Task requirements: Reproduce the tail of the data exactly. It starts at the line containing "page: 6 of 81" and runs to the last line.

** Opening Given data block **

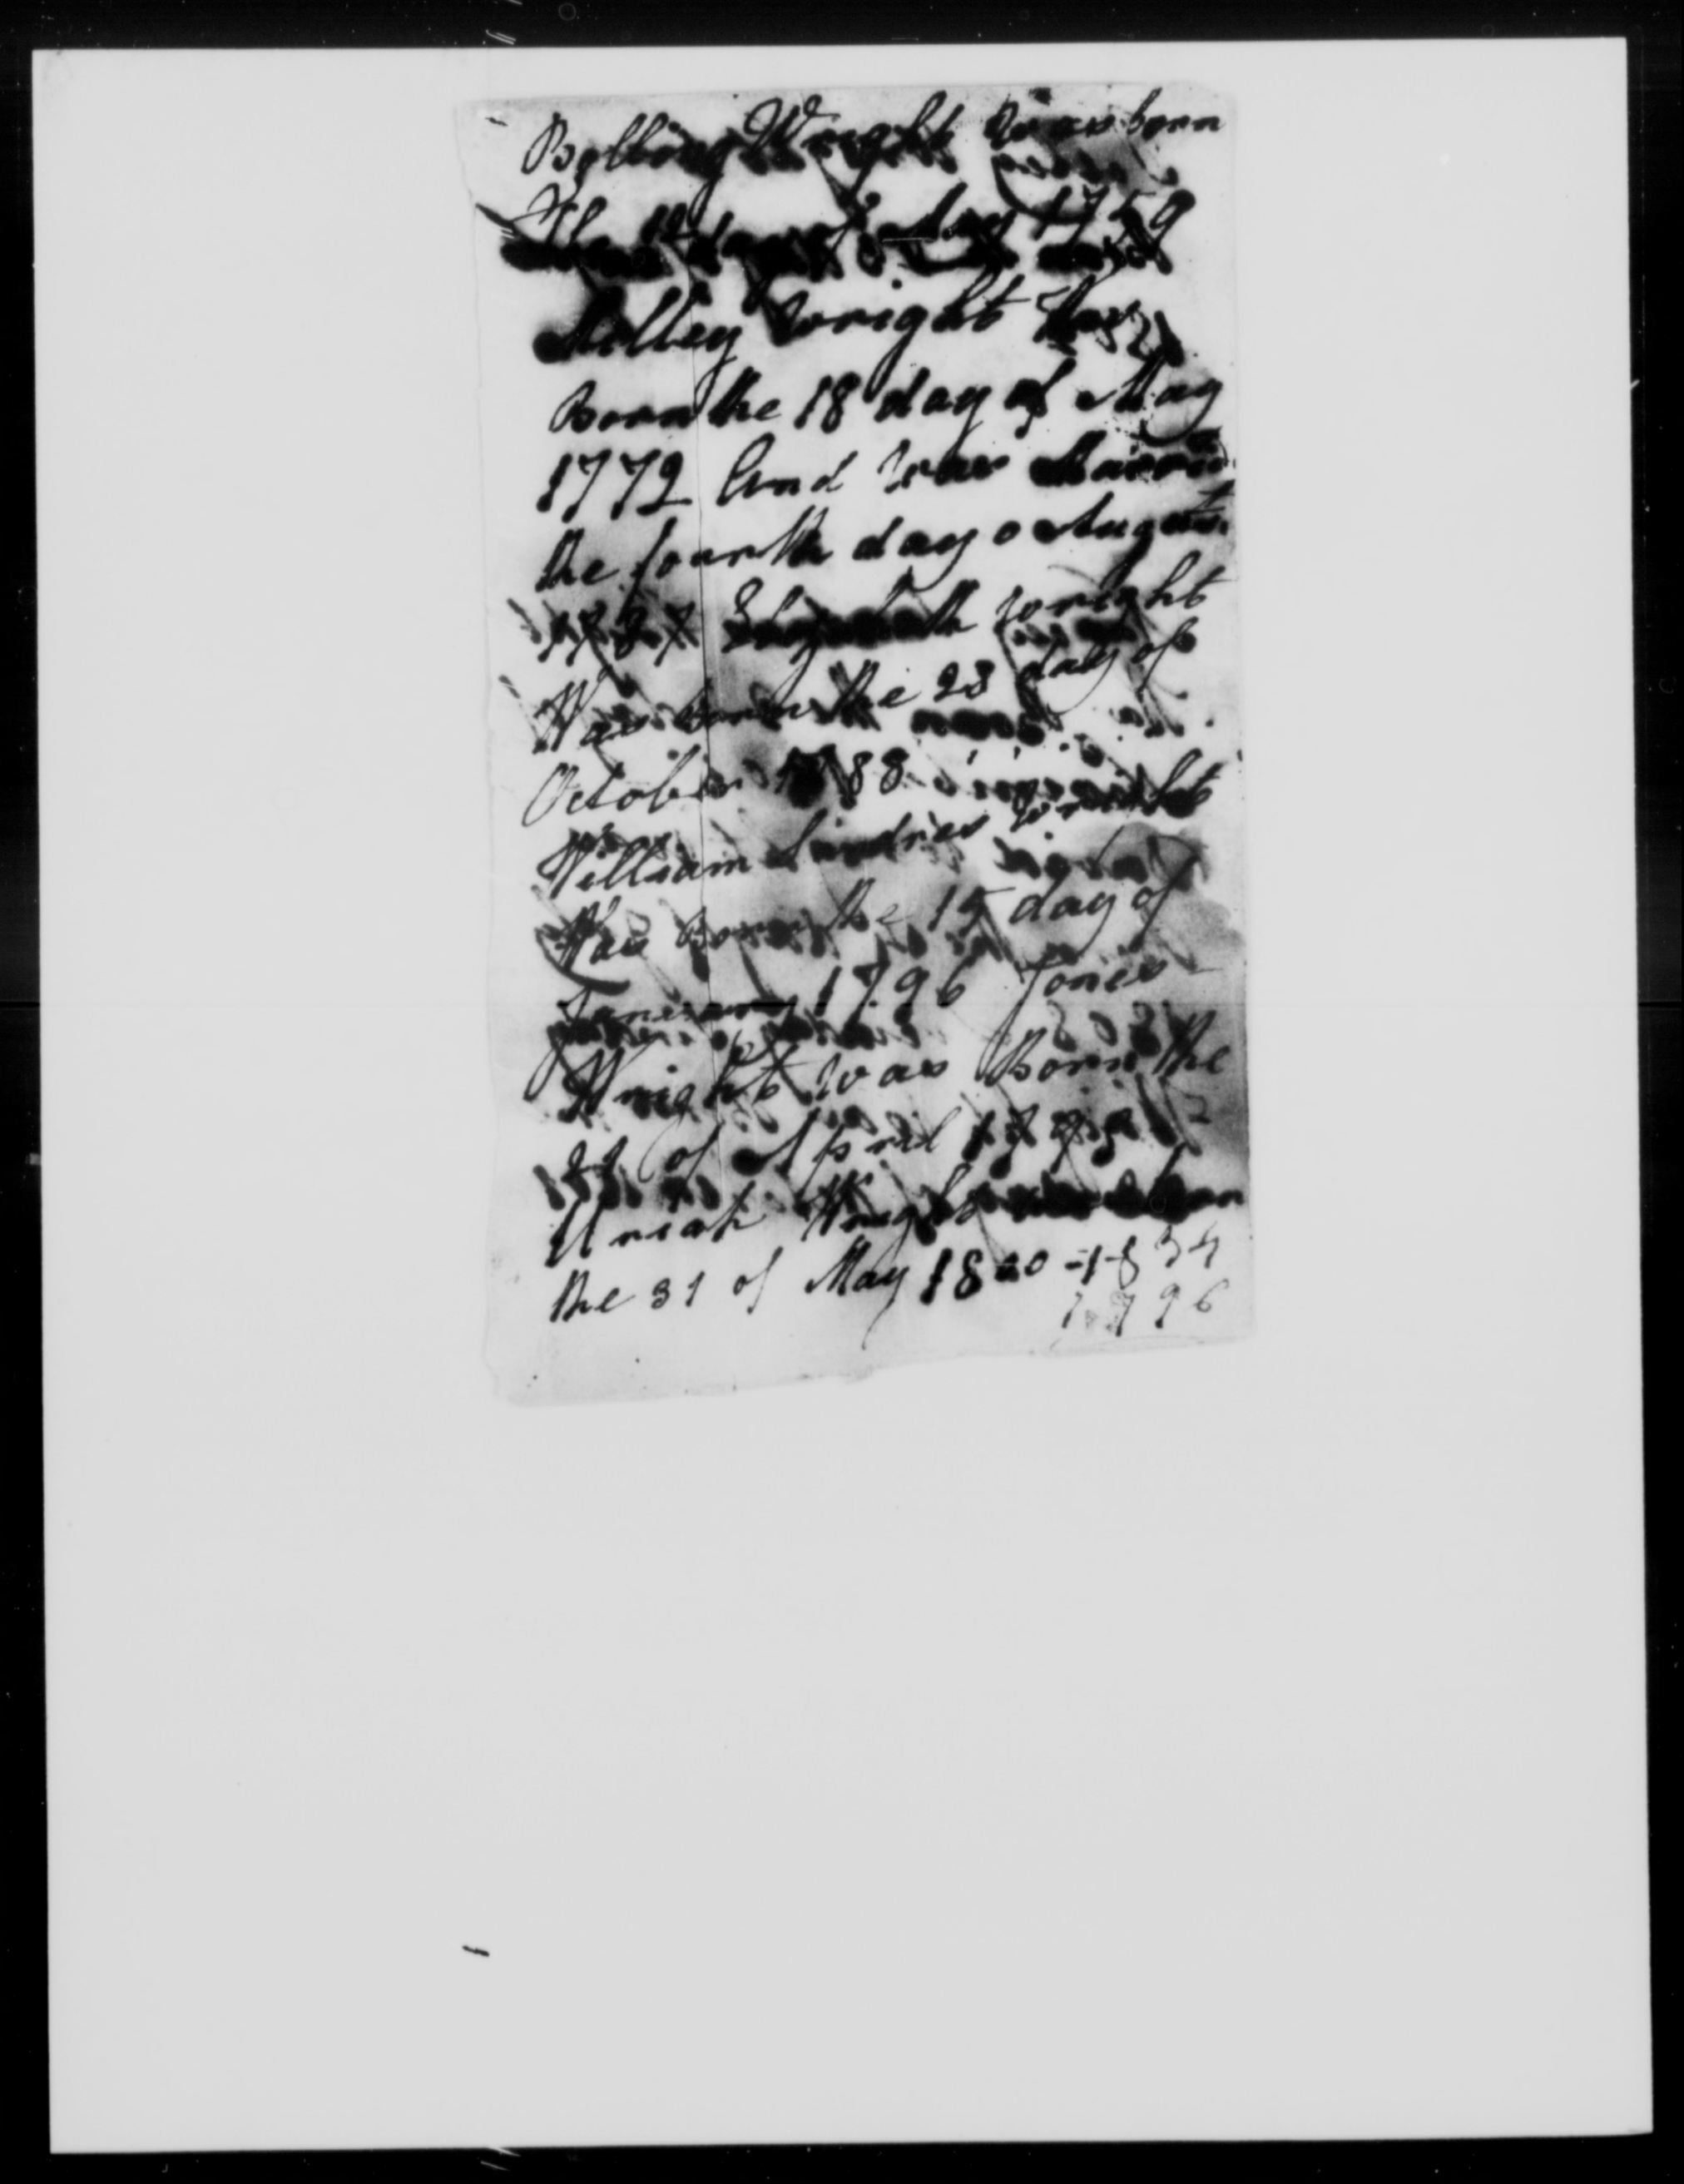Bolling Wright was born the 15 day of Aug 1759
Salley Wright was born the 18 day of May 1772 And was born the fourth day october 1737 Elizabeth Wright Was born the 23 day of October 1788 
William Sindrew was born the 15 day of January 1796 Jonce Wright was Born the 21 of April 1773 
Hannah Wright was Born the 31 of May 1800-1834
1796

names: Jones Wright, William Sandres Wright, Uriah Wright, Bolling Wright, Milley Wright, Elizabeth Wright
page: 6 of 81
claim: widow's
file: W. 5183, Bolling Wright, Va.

** Closing Given data block **

Worked solution:
page: 6 of 81
claim: widow's
file: W. 5183, Bolling Wright, Va.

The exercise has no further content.